What to produce: Quote exactly, and only, the lines of the material below from the line with "#3835 = LINE( '', #4669, #4670 );" through the line with "#4639 = CARTESIAN_POINT( '', ( 0., 0.004763, 0.000889".

Input for this task:
○ ○ ○ ○ ○ ○ ○

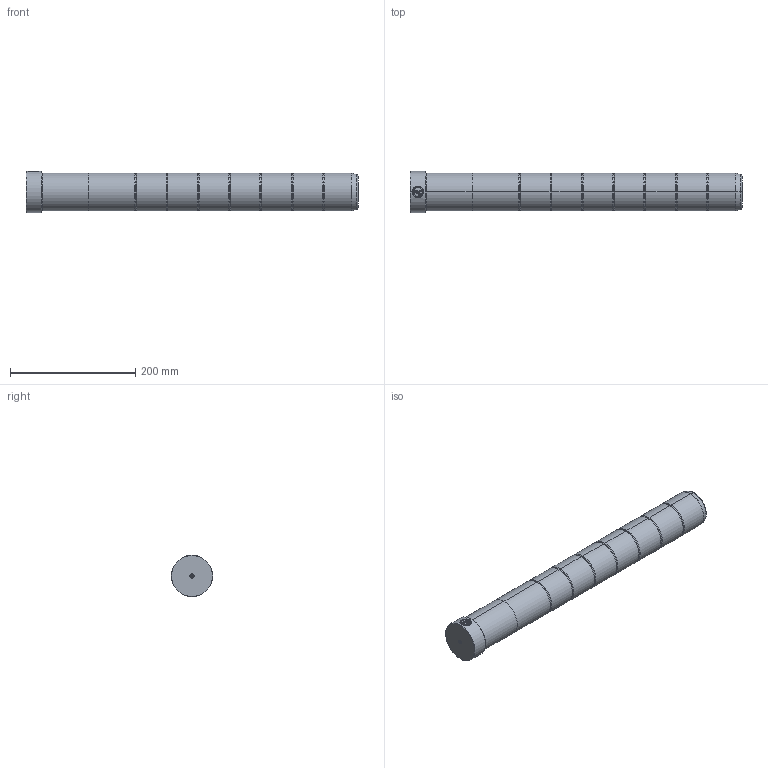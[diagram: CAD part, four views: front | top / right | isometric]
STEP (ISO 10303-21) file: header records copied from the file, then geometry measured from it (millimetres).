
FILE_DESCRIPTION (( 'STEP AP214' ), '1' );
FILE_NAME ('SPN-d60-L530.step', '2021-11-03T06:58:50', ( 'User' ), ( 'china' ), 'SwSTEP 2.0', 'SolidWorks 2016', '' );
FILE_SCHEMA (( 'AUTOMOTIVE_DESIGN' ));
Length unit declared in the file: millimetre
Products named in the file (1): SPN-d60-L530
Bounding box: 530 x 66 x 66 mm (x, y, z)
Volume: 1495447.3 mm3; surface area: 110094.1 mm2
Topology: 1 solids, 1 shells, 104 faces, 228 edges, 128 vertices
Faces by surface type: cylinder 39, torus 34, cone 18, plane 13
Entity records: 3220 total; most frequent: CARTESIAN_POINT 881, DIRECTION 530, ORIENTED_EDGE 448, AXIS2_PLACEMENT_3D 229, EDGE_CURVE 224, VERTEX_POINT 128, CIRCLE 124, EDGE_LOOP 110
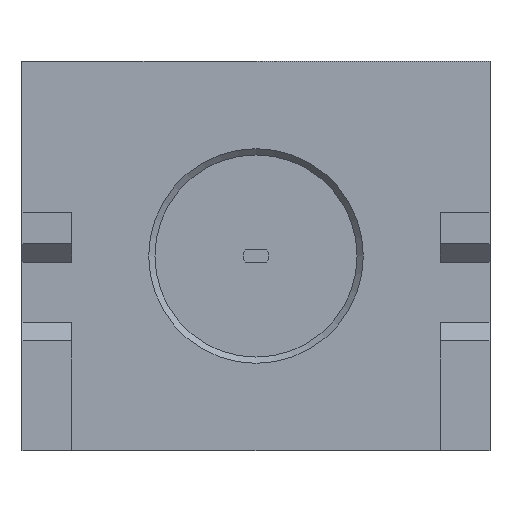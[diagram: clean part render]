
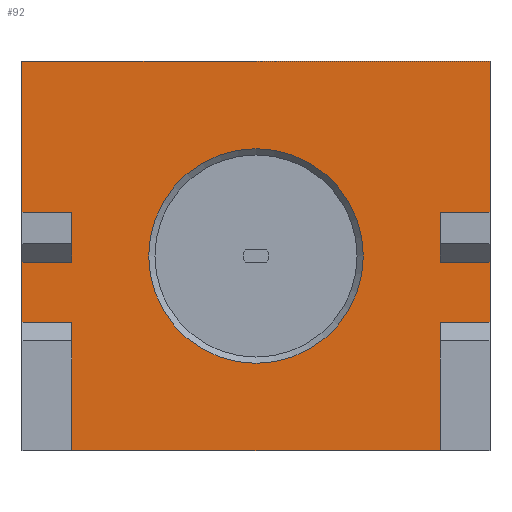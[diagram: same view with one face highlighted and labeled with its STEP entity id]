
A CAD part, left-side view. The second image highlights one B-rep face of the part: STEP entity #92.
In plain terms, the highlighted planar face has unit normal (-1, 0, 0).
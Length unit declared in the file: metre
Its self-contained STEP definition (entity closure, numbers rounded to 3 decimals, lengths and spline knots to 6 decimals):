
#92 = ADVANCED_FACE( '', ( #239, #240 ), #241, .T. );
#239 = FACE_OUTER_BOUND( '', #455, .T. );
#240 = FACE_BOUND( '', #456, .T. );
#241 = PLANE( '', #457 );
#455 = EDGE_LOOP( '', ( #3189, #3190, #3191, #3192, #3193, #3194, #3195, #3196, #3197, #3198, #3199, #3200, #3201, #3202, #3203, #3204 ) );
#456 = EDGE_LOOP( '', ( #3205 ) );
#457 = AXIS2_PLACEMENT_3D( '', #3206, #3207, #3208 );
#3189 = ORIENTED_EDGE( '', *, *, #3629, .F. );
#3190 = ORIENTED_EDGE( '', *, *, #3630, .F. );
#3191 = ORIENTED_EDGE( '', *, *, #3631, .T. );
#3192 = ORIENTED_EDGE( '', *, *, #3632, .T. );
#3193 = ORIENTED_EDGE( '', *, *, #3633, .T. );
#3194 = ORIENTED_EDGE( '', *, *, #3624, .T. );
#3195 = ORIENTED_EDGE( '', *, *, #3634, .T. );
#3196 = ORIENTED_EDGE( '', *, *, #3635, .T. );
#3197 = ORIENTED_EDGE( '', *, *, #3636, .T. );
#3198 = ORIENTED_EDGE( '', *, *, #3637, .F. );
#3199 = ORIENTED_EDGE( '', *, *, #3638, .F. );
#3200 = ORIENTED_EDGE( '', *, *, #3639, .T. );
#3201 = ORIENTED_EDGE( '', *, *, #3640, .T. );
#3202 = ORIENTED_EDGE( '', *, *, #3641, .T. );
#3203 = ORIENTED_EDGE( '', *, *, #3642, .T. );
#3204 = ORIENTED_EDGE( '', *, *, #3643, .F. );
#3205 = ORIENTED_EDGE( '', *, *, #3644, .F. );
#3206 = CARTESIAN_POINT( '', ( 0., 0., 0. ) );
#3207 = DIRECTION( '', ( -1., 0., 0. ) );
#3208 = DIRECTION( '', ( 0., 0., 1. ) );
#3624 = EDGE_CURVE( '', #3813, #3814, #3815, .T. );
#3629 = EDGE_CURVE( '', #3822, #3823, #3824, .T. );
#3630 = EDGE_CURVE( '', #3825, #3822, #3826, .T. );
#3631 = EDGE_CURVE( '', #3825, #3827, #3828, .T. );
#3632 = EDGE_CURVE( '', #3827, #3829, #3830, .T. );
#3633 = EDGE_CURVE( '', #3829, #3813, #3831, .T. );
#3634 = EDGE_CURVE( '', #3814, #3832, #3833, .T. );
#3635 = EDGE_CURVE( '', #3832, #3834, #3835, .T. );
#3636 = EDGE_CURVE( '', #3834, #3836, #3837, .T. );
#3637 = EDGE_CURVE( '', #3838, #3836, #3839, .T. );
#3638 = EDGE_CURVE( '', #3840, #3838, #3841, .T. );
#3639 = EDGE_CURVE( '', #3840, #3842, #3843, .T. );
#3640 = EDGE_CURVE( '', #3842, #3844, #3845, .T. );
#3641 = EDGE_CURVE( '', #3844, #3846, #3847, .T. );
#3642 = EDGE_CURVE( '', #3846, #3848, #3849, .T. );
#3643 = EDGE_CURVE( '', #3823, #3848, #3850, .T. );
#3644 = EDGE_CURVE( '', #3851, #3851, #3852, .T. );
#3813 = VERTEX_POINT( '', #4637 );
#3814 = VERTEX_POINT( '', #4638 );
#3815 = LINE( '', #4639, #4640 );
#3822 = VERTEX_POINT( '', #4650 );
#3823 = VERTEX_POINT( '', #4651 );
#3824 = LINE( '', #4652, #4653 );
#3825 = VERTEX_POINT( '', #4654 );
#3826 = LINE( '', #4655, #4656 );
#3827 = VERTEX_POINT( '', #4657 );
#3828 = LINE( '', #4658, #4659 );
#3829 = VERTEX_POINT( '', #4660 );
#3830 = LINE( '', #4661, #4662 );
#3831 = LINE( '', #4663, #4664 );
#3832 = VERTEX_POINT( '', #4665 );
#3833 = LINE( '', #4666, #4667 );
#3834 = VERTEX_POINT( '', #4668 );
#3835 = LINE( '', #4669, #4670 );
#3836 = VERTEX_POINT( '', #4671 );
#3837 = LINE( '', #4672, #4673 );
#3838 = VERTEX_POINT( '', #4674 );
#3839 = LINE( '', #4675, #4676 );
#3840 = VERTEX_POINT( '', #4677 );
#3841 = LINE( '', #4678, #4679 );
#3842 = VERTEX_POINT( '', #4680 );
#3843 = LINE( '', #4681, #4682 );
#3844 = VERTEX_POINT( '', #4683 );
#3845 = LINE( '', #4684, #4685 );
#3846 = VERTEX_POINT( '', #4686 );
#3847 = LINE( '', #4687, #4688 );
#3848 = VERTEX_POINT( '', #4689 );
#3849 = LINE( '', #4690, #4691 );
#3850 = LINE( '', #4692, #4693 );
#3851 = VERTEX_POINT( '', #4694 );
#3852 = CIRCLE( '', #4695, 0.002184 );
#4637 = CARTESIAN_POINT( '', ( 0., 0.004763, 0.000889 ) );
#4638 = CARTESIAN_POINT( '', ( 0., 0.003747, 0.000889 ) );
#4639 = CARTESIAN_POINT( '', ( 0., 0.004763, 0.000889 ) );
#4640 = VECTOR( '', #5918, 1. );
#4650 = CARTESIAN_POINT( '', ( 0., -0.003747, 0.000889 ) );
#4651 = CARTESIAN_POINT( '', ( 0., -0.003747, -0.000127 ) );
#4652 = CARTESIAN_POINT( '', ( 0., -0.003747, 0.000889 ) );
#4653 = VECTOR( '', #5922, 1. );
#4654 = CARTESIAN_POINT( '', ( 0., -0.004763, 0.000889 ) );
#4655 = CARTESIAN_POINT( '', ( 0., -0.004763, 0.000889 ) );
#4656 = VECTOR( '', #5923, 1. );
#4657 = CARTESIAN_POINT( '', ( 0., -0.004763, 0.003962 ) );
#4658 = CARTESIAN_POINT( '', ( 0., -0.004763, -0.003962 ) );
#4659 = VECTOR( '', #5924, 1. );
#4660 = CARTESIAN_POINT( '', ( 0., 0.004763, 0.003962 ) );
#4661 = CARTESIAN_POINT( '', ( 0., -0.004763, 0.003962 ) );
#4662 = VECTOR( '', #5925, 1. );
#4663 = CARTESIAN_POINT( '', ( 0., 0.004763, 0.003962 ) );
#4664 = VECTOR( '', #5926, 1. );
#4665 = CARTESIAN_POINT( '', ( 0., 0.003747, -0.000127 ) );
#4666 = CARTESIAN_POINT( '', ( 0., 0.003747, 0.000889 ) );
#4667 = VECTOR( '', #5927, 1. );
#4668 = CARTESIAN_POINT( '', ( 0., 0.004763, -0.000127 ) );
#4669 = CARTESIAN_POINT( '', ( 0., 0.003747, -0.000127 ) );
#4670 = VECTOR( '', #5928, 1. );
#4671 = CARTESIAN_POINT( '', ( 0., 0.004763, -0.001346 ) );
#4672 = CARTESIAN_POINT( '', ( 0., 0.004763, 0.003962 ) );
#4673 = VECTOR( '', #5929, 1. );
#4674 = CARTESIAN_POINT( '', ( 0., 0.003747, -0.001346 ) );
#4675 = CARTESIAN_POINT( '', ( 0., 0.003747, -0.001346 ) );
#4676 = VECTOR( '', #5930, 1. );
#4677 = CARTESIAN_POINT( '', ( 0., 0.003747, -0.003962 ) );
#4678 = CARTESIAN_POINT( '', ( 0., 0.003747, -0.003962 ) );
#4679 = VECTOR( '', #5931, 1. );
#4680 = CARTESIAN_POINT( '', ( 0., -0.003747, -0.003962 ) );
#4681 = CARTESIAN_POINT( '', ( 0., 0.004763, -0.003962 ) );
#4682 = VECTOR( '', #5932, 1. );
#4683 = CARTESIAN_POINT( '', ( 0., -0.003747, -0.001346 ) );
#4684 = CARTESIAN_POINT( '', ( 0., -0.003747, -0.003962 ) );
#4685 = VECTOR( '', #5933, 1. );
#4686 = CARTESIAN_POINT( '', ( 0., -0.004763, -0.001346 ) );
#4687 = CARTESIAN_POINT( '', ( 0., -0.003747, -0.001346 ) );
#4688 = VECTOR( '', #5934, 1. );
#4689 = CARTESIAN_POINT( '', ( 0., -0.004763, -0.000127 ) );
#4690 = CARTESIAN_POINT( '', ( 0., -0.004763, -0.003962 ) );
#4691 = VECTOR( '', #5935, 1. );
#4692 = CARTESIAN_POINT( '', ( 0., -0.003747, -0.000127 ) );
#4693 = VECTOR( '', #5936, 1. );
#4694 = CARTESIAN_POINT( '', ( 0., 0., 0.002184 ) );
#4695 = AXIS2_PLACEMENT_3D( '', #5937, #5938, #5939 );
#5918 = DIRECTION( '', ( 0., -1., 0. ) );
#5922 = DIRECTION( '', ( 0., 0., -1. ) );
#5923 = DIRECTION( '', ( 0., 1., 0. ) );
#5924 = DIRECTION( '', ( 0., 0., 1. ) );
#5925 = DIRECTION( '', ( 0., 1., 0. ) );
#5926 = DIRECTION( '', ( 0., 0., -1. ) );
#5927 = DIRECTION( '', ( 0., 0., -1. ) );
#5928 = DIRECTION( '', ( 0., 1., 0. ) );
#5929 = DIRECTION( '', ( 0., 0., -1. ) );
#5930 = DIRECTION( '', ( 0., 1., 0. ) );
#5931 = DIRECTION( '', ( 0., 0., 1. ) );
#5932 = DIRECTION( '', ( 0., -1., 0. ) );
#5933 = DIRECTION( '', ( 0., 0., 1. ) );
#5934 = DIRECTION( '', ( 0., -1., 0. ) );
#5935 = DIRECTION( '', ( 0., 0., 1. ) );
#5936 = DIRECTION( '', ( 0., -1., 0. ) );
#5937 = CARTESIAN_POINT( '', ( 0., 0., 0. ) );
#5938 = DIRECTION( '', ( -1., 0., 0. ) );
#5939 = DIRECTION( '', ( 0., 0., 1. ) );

○ ○ ○ ○ ○ ○ ○

Reply:
#3835 = LINE( '', #4669, #4670 );
#3836 = VERTEX_POINT( '', #4671 );
#3837 = LINE( '', #4672, #4673 );
#3838 = VERTEX_POINT( '', #4674 );
#3839 = LINE( '', #4675, #4676 );
#3840 = VERTEX_POINT( '', #4677 );
#3841 = LINE( '', #4678, #4679 );
#3842 = VERTEX_POINT( '', #4680 );
#3843 = LINE( '', #4681, #4682 );
#3844 = VERTEX_POINT( '', #4683 );
#3845 = LINE( '', #4684, #4685 );
#3846 = VERTEX_POINT( '', #4686 );
#3847 = LINE( '', #4687, #4688 );
#3848 = VERTEX_POINT( '', #4689 );
#3849 = LINE( '', #4690, #4691 );
#3850 = LINE( '', #4692, #4693 );
#3851 = VERTEX_POINT( '', #4694 );
#3852 = CIRCLE( '', #4695, 0.002184 );
#4637 = CARTESIAN_POINT( '', ( 0., 0.004763, 0.000889 ) );
#4638 = CARTESIAN_POINT( '', ( 0., 0.003747, 0.000889 ) );
#4639 = CARTESIAN_POINT( '', ( 0., 0.004763, 0.000889 ) );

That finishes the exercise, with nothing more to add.